While each data type by itself may provide relatively weak evidence for behavioural (or other) change, the combination of several mutually corroborative elements leads to much stronger conclusions. We found convincing evidence for increased public awareness of astronomy topics; discussion and debate of advanced scientific concepts; and a sustained legacy of engagement with our chosen research results. This suggests that similar methods may prove useful in future, particularly for the kind of fundamental physics discoveries that – while highly publicised – can be tricky to describe in terms of the impact narratives required by assessment exercises such as the REF.

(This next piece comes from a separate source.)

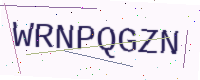
Text: WRNPQGZN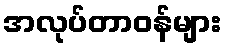
အလုပ်တာဝန်များ

Our paper is a proof-of-concept study, and there are clearly many avenues for future research. The investigation of research projects which are not quite as high profile as the ones presented here would be interesting, as would the extension of our data sets to include more types of online data. It would also be possible to do a much more sophisticated analysis of our comment databases. One might think, for example, of applying sentiment analysis, natural language processing (or other machine learning) techniques in order to quantify how the public’s response to scientific content changes over time, or to quantify evidence of rigorous debate. This would also shed light on the robustness of our comment data, which may be polluted by negative or false information.
We emphasise that measuring engagement is not the same thing as measuring understanding, and that our methods, even if sentiment analysis is included, are better equipped to do the first of these. At this stage, it seems likely to us that reliable measures of understanding will require substantial input by human evaluators, and will therefore be restricted to smaller data sets.
Even if all comments and posts are genuine, they may be the work of scientists or those related to academia, rather than of laypeople. Although conversations between academics in public may have substantial engagement value, as we argue above, this is a different sort of engagement to conversations between scientists and the wider public, and our data does not currently distinguish between these. We leave the investigation of these interesting questions to future work, but hope that our present results already provide a useful counterpoint to the well-documented perception of public engagement as ‘risky’, given the challenges of evidencing it (Wilkinson, 2019; Watermeyer and Chubb, 2019).
Our approach may additionally offer a route towards greater engagement for academics who have been mistrustful of the impact agenda as a whole. Researchers occupied with fundamental rather than applied science, who feel a sense of moral obligation in justifying their research, may nonetheless feel marginalised by this agenda, particularly given that the demands of evidencing their impact may feel quite separate from those aspects of research that made them become scientists in the first place. We see it as significant that our techniques rely on the very same data science skills that are used widely throughout fundamental science, thus helping to enfranchise those researchers who may face an additional ‘emotional challenge’ in regard to the impact agenda (Chubb et al., 2017). Finally, we note that the increasing impact agenda, together with the rapid development of data science, provides ample scope for interdisciplinary collaboration in this area.